Friday, July 22, 2005

Power's out. Now what?

I read this article a couple of days ago and thought it would be a smart thing to know.

By Julie Bandy •
Recent storms have left thousands of homes without power for many days. Would a massive power outage throw your family into chaos? Or, do you have a plan?
Whether at home, work or at play, when an emergency strikes, families need to be prepared.
"We strongly encourage people to take a little bit of time before an emergency to do some basic preparedness activities," says Terry Sicilia, executive vice president of programs and services for the Red Cross.

"Under our Together We Prepare initiative, we encourage people to make a disaster plan, build a disaster kit, get trained in CPR and lifesaving skills, volunteer with a local chapter to help others and give lifesaving blood," says Sicilia.

The American Red Cross offers safety tips to help families prepare before and after a disaster.
Be proactive The time to prepare is before a disaster or emergency occurs. Everyone in the household should know where to go and what to do in the event of different situations. Once a plan is in place, make sure everyone in your family is informed and practices the plan together. The Red Cross recommends that each family identify one out-of-town person known by all family members to contact in case of an emergency. That person can act as a liaison should family become separated.

Build a disaster kitWhether you need to evacuate or can stay in your home, a well-packed disaster kit can save lives. Put your supplies in an easy-to-carry container such as a backpack, duffel bag or plastic bin. Be sure to include a flashlight, batteries, battery-operated radio, bottled water and a small supply of high nutrition nonperishable food. The Red Cross recommends one gallon of water per person (and pet) per day. Include medical supplies such as family medications and a first-aid kit. If you have infants, pack diapers and infant formula.
It's also wise to have a couple of plastic coolers available for food storage. Pack a digital thermometer. This will come in handy if you need to check the freshness of perishable foods once power is restored.

Your disaster kit should include some cash for emergencies. If possible, put away enough cash to provide for your family for a couple of days. If the power is out, many restaurants and stores cannot process your credit cards because their machines are electric-powered.
Blackout safety tipsIf power is lost, the American Red Cross suggests families use flashlights, not candles. A burning candle is a fire hazard.
Turn off all electrical equipment in use when the power went out. This includes air conditioning, computers, televisions, etc.
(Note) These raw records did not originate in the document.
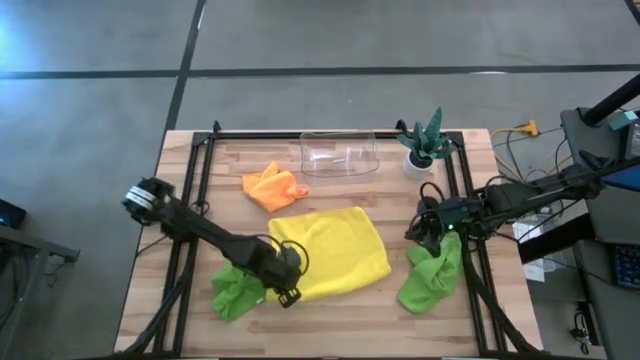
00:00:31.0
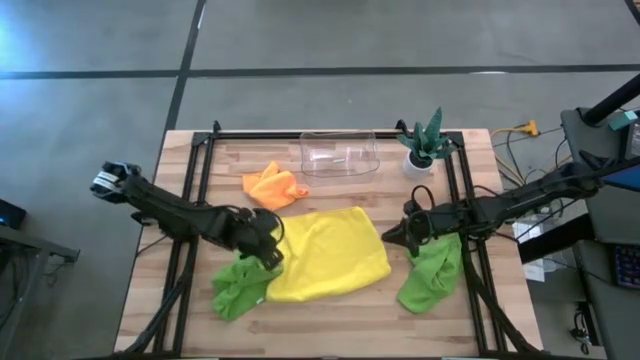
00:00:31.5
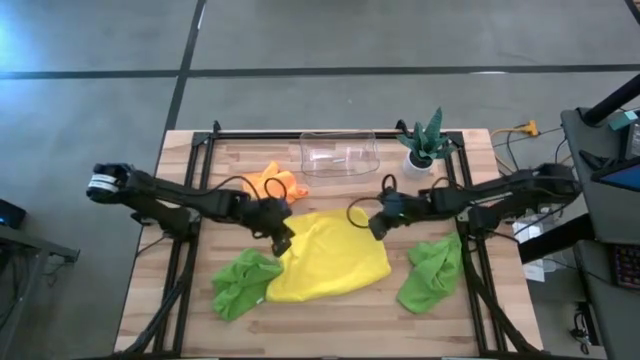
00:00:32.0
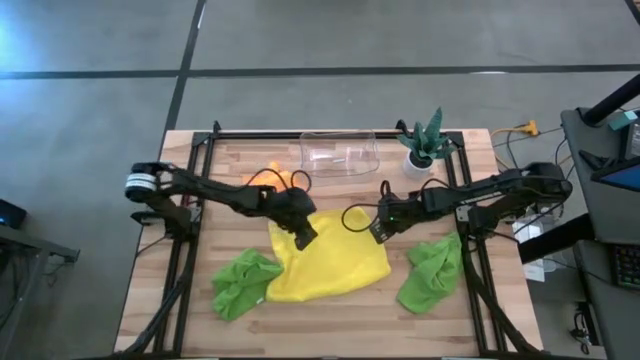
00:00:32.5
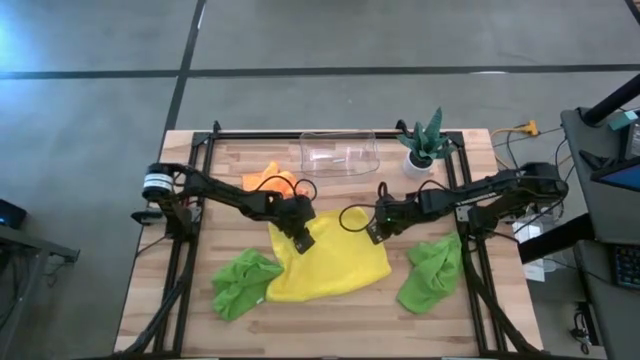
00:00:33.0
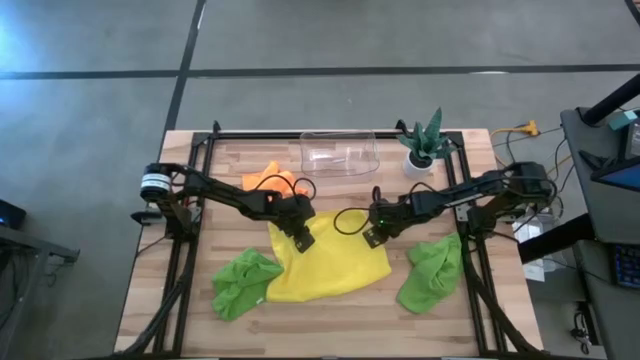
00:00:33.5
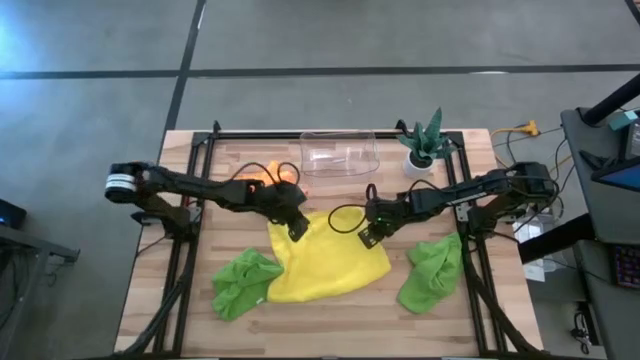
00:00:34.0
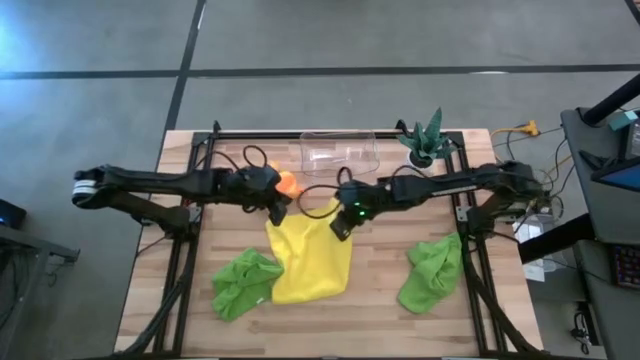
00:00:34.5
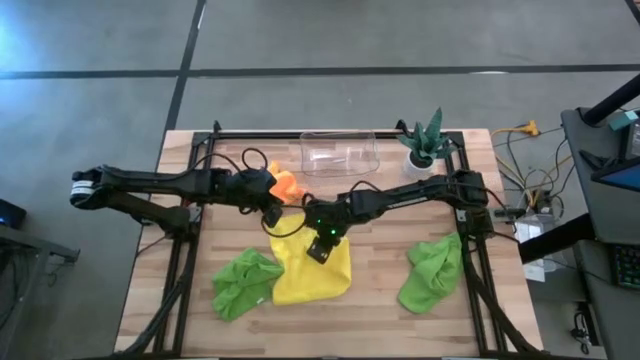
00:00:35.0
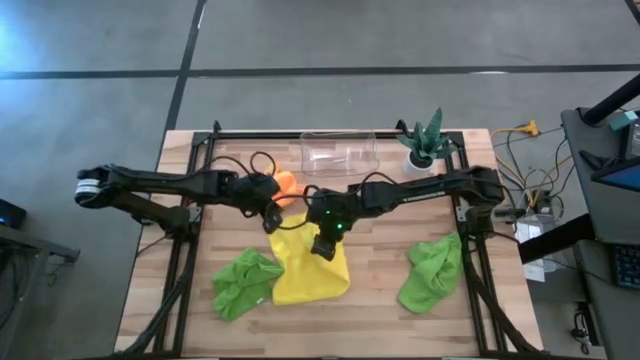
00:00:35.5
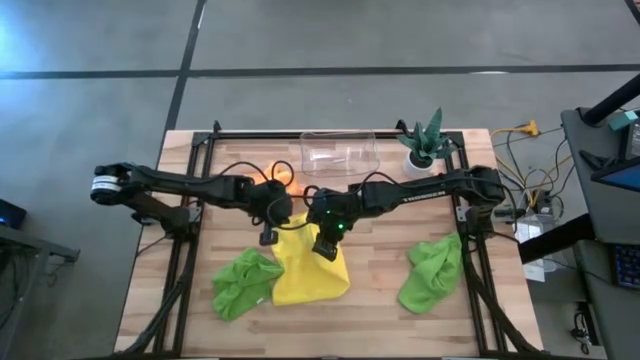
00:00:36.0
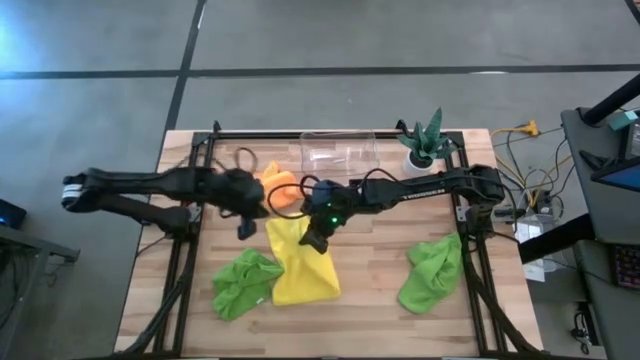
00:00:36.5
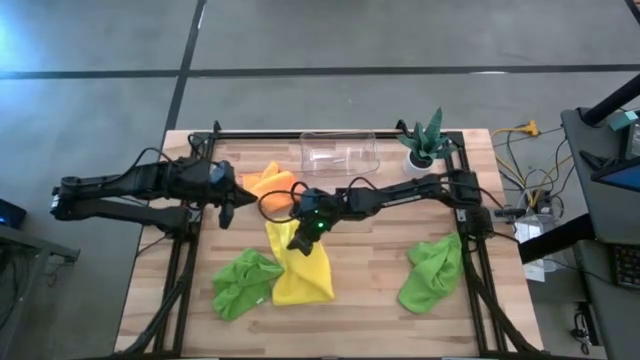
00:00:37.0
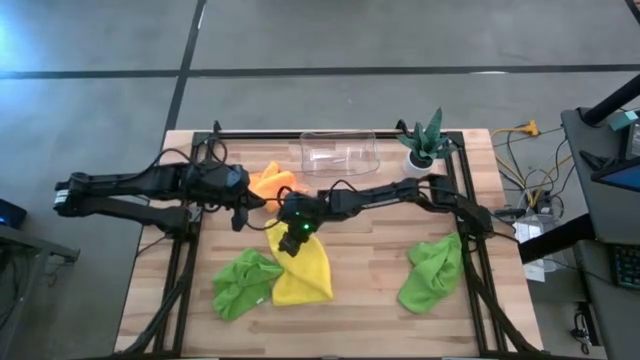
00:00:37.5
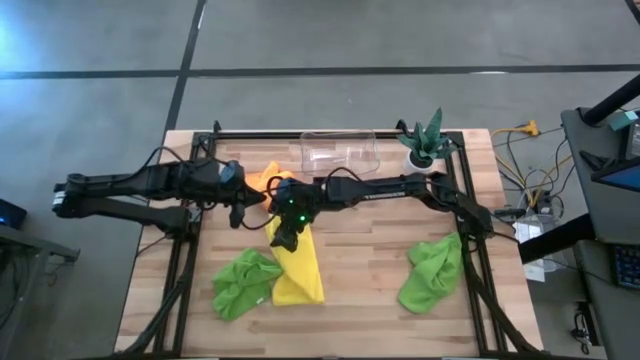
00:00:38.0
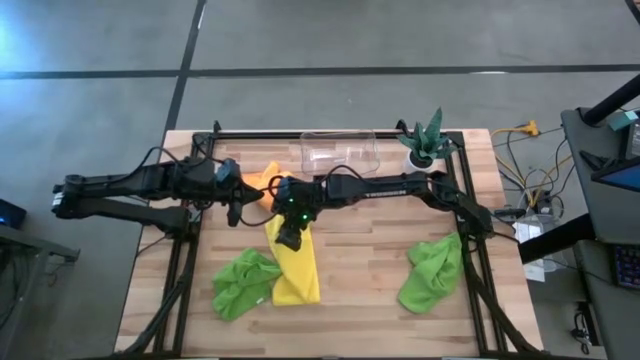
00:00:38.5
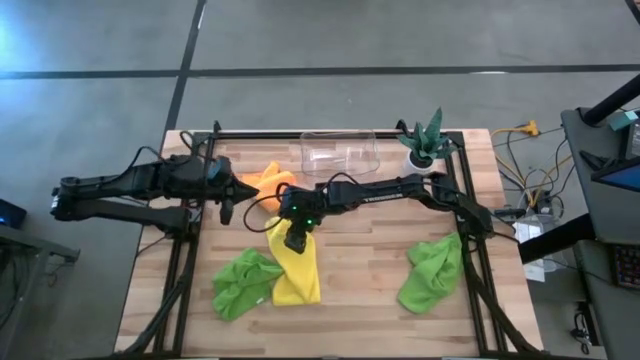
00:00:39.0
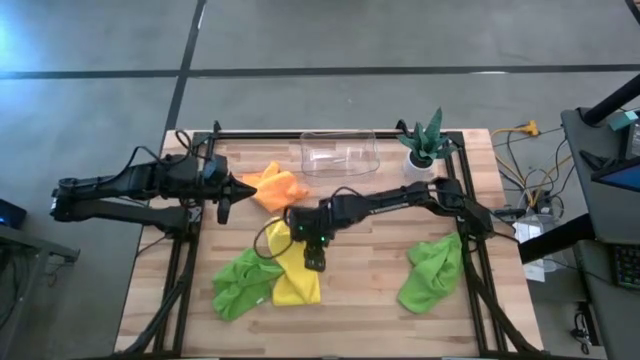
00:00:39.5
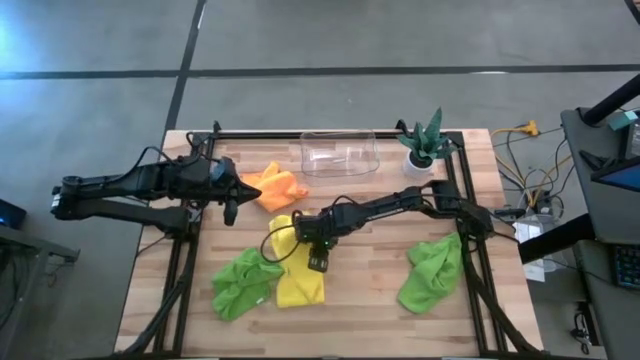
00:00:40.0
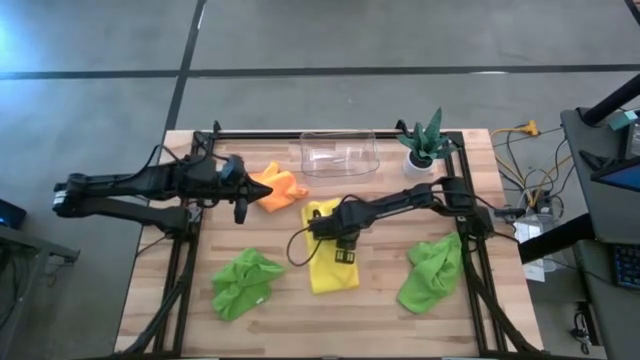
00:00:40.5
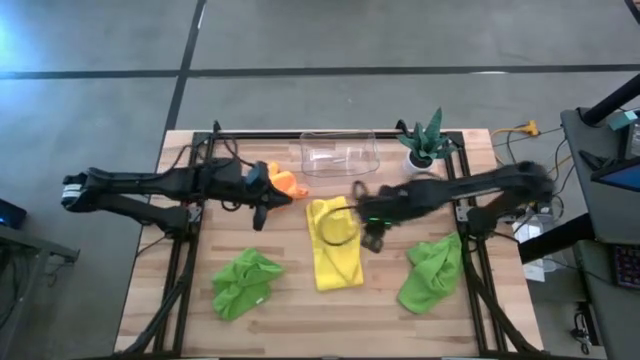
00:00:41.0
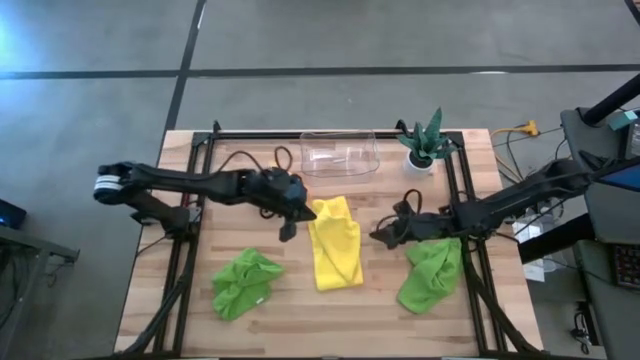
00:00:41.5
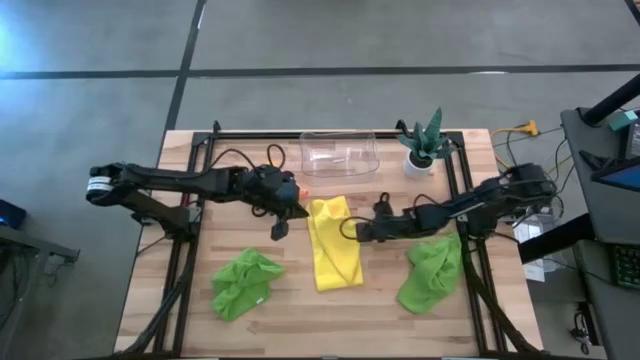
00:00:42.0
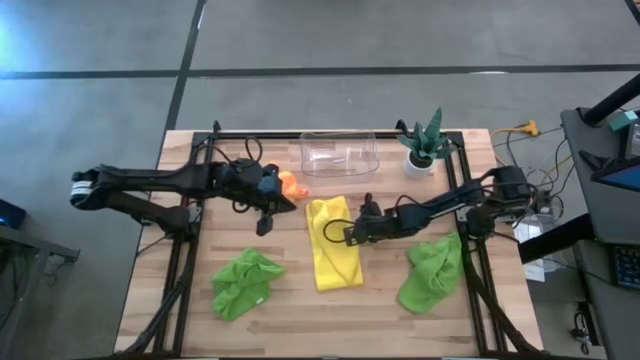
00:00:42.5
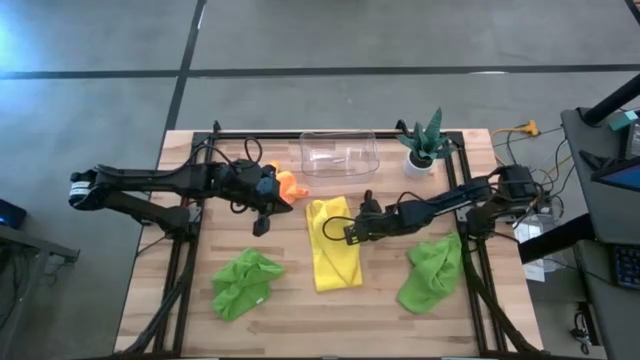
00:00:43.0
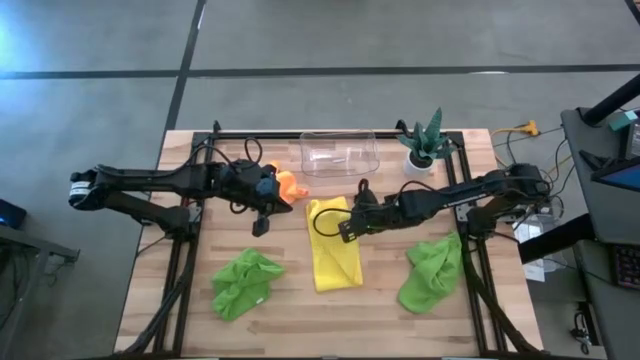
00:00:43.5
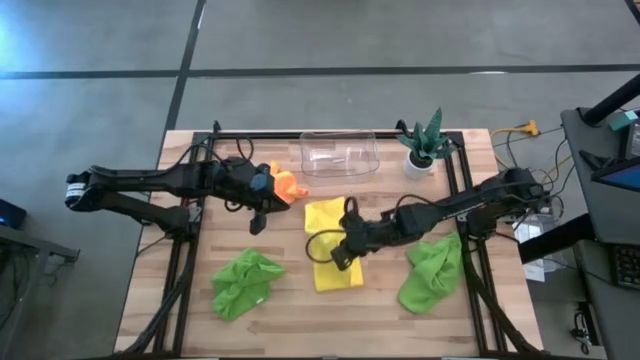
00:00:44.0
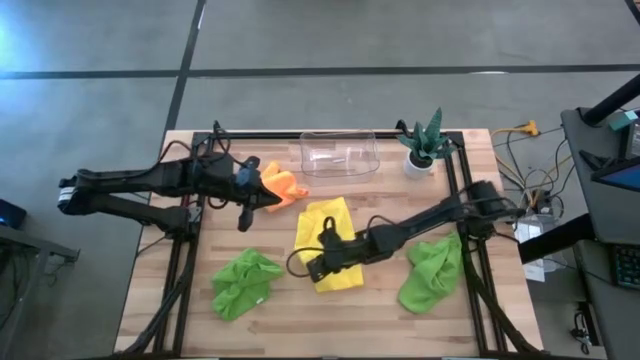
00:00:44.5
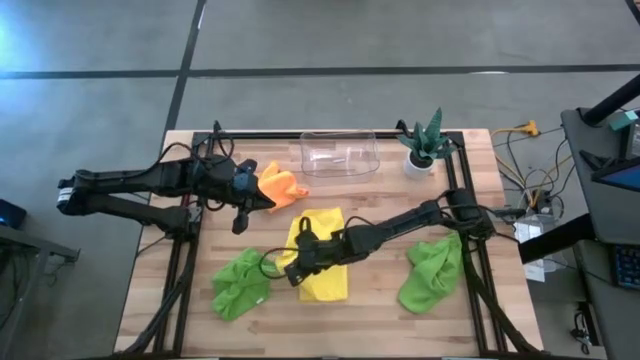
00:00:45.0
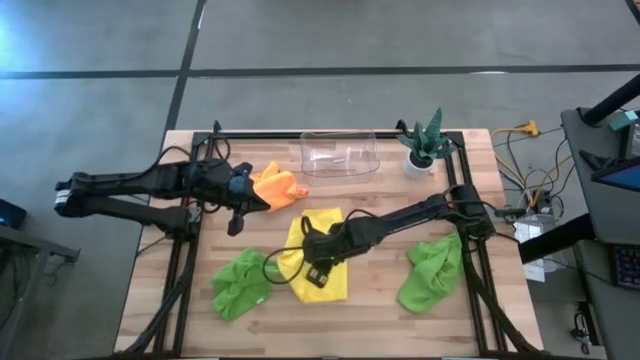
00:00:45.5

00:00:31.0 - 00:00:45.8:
Task: Fold microfiber towels
Fold the yellow microfiber towel

Run generators outside. Plug electrical appliances directly into the generator. Do not attempt to connect the generator to the family's electrical system.
Use your battery-operated radio to follow broadcasts for updated information.
Avoid using the telephone (cellular and land) if a large number of homes in your area have been affected. The emergency services agencies need to have access to the phone lines. Only use the phone in case of an emergency.
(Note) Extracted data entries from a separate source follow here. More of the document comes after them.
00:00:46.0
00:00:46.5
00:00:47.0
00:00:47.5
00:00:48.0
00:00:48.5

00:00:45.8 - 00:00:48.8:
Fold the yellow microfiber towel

Children and pets need to be reassured that all is OK. If a parent remains calm and controlled, other family members are likely to follow the lead.

During and after a power outage, care must be taken with food to prolong freshness and prevent food poisoning. Avoid opening the refrigerator or freezer. Food stored there will stay colder longer. An unopened refrigerator will keep food cold enough for at least a couple of hours. A half-full freezer will hold up for 24 hours, a full freezer for 40 hours.

If the power outage will be longer than two to four hours, pack perishables such as milk, dairy products, butter, eggs, meat, fish and leftovers in an iced cooler. If the power will be off for an extended period, pack your freezer foods in an iced cooler as well.

As soon as the power returns, check the food. If the frozen food has ice crystals and is above 40 degrees Farenheit, you can refreeze. Perishable food from the refrigerator should not be above 40 degrees for more than two hours. It's best to dispose the items rather than chance food poisoning. For information on food freshness, read this chart.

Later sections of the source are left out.